TASK ITEM: Please state how many lines in the records below contain the word "Improvements", giving only the number.

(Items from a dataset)
= Beginning of Section =

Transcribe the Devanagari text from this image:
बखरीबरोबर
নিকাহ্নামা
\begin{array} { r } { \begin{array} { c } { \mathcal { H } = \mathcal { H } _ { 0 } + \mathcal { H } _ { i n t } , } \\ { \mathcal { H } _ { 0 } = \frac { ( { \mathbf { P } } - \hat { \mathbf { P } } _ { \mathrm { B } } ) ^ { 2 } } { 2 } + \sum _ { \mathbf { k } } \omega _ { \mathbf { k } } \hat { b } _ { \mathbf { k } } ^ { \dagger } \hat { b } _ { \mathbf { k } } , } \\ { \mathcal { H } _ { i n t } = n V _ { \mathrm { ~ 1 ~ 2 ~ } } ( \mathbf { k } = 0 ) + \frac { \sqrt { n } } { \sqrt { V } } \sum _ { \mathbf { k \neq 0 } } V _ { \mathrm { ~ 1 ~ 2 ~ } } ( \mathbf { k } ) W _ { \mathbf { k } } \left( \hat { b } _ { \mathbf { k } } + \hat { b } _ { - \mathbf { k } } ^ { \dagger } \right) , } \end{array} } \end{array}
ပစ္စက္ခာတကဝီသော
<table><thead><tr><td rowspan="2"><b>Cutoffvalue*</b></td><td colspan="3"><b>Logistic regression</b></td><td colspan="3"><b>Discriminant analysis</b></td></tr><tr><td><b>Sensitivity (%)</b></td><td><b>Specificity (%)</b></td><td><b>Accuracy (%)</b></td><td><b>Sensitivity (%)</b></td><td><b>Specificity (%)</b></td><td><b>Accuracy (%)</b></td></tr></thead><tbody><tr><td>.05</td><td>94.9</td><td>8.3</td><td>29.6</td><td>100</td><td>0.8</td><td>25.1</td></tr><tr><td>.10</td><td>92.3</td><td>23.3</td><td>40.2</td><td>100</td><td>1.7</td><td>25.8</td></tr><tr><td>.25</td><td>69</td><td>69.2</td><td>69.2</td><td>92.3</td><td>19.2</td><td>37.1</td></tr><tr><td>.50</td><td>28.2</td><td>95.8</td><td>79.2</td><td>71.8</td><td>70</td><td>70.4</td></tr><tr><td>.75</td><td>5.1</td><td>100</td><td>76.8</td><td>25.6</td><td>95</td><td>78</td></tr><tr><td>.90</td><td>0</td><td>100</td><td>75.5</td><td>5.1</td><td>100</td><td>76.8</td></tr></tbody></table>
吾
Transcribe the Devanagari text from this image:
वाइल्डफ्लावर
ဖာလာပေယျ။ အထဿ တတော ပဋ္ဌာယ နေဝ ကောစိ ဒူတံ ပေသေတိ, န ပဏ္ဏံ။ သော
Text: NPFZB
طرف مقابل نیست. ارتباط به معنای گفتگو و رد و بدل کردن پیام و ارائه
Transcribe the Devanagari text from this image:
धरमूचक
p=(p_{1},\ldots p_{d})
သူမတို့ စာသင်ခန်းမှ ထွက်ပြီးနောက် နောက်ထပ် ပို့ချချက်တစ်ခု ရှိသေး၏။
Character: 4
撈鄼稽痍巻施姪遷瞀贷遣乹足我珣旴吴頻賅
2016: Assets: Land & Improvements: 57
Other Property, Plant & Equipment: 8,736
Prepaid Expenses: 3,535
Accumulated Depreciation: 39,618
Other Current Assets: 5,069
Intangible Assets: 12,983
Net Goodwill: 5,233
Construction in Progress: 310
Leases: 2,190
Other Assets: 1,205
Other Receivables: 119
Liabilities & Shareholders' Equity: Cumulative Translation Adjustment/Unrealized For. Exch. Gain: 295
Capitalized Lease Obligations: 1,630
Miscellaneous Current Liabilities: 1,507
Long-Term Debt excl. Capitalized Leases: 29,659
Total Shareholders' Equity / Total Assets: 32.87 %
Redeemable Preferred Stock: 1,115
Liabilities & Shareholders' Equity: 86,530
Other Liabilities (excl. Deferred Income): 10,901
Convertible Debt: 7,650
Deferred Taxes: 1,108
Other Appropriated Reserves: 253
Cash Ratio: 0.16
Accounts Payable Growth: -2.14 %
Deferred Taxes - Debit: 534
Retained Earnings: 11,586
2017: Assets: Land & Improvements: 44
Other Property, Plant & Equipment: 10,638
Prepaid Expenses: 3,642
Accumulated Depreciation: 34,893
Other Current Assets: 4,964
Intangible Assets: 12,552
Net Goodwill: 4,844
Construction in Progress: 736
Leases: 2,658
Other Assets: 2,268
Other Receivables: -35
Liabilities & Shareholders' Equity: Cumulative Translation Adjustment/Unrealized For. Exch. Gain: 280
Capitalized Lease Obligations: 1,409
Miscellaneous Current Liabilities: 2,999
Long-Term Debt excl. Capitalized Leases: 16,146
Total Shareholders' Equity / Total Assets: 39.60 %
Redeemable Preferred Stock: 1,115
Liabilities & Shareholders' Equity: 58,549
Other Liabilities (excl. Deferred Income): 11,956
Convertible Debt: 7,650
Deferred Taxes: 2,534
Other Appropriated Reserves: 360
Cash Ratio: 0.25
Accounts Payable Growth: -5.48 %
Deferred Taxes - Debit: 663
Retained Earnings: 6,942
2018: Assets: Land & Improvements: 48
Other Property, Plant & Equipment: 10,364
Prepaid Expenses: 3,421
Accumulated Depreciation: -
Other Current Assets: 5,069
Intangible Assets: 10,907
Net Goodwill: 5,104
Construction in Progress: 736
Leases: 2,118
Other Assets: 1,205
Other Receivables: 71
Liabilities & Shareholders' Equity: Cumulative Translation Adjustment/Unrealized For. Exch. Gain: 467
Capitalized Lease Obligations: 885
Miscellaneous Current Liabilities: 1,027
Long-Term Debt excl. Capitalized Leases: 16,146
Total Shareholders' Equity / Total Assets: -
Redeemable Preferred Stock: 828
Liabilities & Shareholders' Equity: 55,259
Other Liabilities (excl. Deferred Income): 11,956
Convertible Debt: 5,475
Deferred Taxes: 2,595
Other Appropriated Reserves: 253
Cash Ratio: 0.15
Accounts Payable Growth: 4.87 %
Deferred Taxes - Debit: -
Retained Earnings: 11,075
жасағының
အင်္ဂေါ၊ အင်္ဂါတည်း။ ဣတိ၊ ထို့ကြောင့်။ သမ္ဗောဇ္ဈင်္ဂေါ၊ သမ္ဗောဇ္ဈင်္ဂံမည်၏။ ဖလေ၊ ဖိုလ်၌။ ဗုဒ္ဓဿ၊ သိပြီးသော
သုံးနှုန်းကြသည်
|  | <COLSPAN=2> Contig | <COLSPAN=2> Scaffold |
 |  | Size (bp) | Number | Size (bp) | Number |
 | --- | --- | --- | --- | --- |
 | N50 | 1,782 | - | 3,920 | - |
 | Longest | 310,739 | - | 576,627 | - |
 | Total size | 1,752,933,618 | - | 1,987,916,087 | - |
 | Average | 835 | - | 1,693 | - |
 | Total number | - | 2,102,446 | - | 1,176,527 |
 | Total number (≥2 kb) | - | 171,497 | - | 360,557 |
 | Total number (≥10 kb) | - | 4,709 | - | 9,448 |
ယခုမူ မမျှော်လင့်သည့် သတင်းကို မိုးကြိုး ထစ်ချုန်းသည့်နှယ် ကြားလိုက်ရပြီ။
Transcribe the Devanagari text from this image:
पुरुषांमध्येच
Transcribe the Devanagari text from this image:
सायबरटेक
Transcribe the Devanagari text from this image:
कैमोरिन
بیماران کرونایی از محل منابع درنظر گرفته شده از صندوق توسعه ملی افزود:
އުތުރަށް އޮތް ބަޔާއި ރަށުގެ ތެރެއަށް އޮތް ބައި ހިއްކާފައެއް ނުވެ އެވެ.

= End of Section =

ANSWER TO THIS TASK: 3